The function calculates the positive likelihood ratio (LR, equivalent to the odds of pathogenicity) based on functional scores, e.g., from MAVEs or computational predictors, and their truthset labels. Score intervals for ACMG/AMP evidence levels are also computed. The input data requires at least one numeric column with the score of interest and another column, named class, with at least 10 pathogenic ('P') and 10 benign ('B') labels. Different or missing labels are allowed, but will be renamed to 'U'.

Usage

calibrate(df, value = NULL, prior = 0.1, group = NULL, seed = 42)

Arguments

df

A dataframe. Must have a class column with values 'P' (pathogenic) and 'B' (benign) labels, and a numeric column containing the variant effect scores. At least 10 occurrences of each class are required.

value

(optional) A character string indicating the name of the numeric column in df with the scores. If not provided, calibration will be run on all numeric columns.

prior

A scalar in the range 0-1 representing the prior probability of pathogenicity. Default 0.1.

group

(optional) A character string indicating the name of the column with the grouping variable. Default NULL.

seed

(optional) A single integer for the random seed. Note that this argument is only provided for testing/experimental purposes. Users should not change the default seed if results are to be used or reported.

Details

The function estimates the LR for each input score by resampling Gaussian kernel density estimates of the pathogenic and benign score distributions. Densities are mapped using linear interpolation and evaluated on a fixed-size common grid. To stabilise the LRs in regions where densities approach zero, a variance-based penalty is computed from log-LRs across 1,000 bootstrap replicates. This penalty is used to regularise the log-LR matrix. The log-LRs are monotonised in the principal direction of association with the input scores. Final estimates for each score include the point estimate and its 95% confidence interval. Score intervals for the different ACMG/AMP evidence levels are interpolated from the grid based upon the confidence bounds.

Value

A named list of dataframes. When grouping is not provided, the list has a length of two where 'likelihood_ratios' is the input dataframe with columns for LR and its confidence bounds (column_name_lr, column_name_lr_lower and column_name_upper).
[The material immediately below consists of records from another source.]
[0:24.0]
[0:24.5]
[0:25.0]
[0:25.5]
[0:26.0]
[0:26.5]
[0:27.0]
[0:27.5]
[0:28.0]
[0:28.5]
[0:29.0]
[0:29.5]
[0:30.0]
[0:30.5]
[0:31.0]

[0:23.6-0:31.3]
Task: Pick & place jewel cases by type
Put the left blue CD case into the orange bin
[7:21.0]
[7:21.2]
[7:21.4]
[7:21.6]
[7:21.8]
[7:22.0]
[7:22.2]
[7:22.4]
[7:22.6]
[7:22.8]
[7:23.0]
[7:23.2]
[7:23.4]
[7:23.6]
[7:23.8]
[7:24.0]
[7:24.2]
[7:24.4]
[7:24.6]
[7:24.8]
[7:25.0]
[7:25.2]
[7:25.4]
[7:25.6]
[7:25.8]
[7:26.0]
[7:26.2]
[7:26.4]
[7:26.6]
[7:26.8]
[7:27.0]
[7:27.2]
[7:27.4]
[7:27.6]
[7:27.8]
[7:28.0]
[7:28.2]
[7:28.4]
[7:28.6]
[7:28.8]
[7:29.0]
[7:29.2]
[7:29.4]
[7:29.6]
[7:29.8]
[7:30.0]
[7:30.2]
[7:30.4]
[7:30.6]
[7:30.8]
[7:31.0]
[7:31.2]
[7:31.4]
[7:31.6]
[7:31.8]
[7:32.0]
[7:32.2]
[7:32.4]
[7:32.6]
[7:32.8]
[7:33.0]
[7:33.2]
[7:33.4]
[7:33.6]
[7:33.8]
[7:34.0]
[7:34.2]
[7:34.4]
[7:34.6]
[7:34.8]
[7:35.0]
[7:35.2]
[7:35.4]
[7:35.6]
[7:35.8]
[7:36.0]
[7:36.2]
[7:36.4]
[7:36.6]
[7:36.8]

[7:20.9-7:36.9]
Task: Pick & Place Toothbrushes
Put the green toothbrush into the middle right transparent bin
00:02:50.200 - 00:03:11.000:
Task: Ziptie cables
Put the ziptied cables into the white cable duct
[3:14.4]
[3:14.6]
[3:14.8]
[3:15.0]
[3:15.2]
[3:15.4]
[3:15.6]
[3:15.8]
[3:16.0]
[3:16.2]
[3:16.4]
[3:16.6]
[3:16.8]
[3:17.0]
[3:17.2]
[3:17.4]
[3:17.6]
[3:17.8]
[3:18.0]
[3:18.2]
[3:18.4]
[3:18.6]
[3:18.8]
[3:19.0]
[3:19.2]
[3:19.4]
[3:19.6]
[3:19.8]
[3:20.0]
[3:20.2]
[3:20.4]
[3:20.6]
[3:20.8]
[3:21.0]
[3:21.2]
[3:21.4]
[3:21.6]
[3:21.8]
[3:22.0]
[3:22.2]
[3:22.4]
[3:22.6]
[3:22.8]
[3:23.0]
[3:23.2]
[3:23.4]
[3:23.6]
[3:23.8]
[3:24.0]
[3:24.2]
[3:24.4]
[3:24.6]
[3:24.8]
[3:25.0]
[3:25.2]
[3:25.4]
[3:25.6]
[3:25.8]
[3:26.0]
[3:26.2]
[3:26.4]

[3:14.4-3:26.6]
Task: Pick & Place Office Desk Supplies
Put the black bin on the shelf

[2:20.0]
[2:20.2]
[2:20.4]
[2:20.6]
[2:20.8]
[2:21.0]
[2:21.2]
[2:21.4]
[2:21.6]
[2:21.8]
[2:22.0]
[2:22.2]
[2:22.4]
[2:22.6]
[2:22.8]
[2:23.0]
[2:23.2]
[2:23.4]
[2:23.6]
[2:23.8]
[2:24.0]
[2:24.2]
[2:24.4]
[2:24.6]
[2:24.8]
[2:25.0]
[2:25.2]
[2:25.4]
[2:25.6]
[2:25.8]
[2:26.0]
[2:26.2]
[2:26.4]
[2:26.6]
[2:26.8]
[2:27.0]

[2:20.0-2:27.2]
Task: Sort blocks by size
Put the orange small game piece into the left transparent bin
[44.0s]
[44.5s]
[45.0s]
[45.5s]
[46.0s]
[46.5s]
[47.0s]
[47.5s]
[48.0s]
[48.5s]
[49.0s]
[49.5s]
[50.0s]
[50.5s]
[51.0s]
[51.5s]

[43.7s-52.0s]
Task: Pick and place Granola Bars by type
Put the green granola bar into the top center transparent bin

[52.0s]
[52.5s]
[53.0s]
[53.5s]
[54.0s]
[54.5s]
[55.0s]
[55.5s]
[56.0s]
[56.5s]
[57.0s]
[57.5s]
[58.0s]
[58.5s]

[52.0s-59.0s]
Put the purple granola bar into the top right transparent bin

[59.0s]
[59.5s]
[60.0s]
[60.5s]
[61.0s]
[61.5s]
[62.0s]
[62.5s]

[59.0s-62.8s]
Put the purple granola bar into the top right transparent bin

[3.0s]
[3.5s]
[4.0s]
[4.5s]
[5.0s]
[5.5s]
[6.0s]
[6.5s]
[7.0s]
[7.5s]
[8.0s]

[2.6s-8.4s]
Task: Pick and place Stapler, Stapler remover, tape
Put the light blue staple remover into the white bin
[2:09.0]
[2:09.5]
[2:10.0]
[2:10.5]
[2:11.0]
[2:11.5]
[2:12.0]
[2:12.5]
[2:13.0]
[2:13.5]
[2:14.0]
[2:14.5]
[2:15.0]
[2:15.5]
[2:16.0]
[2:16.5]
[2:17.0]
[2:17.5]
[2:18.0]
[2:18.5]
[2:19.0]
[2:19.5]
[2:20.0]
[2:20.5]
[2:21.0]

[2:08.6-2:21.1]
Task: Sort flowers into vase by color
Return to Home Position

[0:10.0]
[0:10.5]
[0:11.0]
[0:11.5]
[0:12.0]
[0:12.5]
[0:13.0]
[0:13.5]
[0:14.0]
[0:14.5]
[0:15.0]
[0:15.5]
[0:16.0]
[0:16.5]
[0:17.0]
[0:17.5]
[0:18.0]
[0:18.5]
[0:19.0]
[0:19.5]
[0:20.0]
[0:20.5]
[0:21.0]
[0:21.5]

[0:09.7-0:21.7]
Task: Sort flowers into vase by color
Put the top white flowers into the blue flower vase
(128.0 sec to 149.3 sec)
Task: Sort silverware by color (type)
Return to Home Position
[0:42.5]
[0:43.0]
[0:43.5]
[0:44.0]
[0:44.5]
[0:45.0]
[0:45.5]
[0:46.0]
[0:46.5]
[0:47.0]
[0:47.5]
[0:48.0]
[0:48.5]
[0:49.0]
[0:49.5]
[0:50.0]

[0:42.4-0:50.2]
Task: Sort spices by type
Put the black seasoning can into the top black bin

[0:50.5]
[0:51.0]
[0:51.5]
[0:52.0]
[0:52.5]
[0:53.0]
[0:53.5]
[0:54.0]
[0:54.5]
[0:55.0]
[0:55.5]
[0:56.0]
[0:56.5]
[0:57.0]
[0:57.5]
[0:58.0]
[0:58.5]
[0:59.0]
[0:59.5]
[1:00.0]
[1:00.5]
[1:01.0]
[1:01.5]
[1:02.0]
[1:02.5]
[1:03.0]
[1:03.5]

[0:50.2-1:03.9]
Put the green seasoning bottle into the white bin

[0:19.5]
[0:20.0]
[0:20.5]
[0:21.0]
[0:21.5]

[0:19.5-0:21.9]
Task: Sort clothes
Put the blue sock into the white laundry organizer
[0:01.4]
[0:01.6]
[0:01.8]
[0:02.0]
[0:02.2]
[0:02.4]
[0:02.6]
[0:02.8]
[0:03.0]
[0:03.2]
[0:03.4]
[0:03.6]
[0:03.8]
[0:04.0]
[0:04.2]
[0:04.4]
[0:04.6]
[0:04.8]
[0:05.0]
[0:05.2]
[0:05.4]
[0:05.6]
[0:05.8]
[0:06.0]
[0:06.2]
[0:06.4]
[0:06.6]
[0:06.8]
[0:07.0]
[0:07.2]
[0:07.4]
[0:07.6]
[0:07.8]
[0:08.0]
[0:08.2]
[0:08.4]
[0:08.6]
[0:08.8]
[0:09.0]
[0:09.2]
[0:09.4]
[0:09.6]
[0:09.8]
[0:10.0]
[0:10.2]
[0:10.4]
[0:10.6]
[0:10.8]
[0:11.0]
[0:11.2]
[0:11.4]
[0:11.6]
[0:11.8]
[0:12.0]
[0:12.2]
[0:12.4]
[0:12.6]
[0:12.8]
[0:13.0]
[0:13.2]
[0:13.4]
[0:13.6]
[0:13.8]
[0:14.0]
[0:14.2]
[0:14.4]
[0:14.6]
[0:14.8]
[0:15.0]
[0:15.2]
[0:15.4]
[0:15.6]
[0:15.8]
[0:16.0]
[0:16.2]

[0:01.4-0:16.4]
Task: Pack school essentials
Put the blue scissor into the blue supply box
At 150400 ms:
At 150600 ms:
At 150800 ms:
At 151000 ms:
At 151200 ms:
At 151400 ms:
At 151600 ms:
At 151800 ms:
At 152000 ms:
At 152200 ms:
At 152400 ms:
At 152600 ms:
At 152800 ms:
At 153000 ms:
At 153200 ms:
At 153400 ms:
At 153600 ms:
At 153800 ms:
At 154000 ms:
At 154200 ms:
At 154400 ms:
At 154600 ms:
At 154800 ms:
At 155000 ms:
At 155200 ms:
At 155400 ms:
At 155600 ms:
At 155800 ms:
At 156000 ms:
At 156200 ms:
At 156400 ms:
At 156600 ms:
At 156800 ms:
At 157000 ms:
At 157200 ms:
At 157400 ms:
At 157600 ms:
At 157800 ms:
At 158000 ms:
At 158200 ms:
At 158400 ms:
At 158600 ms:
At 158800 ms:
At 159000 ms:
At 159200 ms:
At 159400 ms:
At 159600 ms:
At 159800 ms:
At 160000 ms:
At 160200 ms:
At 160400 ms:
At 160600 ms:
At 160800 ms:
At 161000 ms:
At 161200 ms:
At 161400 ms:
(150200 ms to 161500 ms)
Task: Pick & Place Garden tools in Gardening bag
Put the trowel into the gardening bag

Assigned evidence classifications can be found in the evidence column. The second element in the list is named 'score_thresholds', which contain the lower and upper bounds of the score interval for ACMG/AMP evidence levels. When a grouping variable is provided, the returned object is a nested list with a length equal to the unique group levels in the input data. Each of these elements contain the 'likelihood_ratios' and 'score_thresholds' dataframes.

References

Badonyi & Marsh, 2025. acmgscaler: An R package and Colab for standardised gene-level variant effect score calibration within the ACMG/AMP framework Bioinformatics. doi:10.1093/bioinformatics/btaf503

Richards et al., 2015. Modeling the ACMG/AMP variant classification guidelines as a Bayesian classification framework. Genetics in Medicine. doi:10.1038/gim.2017.210

Tavtigian et al., 2018. Standards and guidelines for the interpretation of sequence variants: a joint consensus recommendation of the American College of Medical Genetics and Genomics and the Association for Molecular Pathology. Genetics in Medicine. doi:10.1038/gim.2015.30

Brnich et al., 2019. Recommendations for application of the functional evidence PS3/BS3 criterion using the ACMG/AMP sequence variant interpretation framework. Genome Medicine. doi:10.1186/s13073-019-0690-2

Pejaver et al., 2022. Calibration of computational tools for missense variant pathogenicity classification and ClinGen recommendations for PP3/BP4 criteria. The American Journal of Human Genetics. doi:10.1016/j.ajhg.2022.10.013

van Loggerenberg et al., 2023. Systematically testing human HMBS missense variants to reveal mechanism and pathogenic variation The American Journal of Human Genetics. doi:10.1016/j.ajhg.2023.08.012

Examples

# load example data provided with the package
library(acmgscaler)
data(variant_data, package = 'acmgscaler')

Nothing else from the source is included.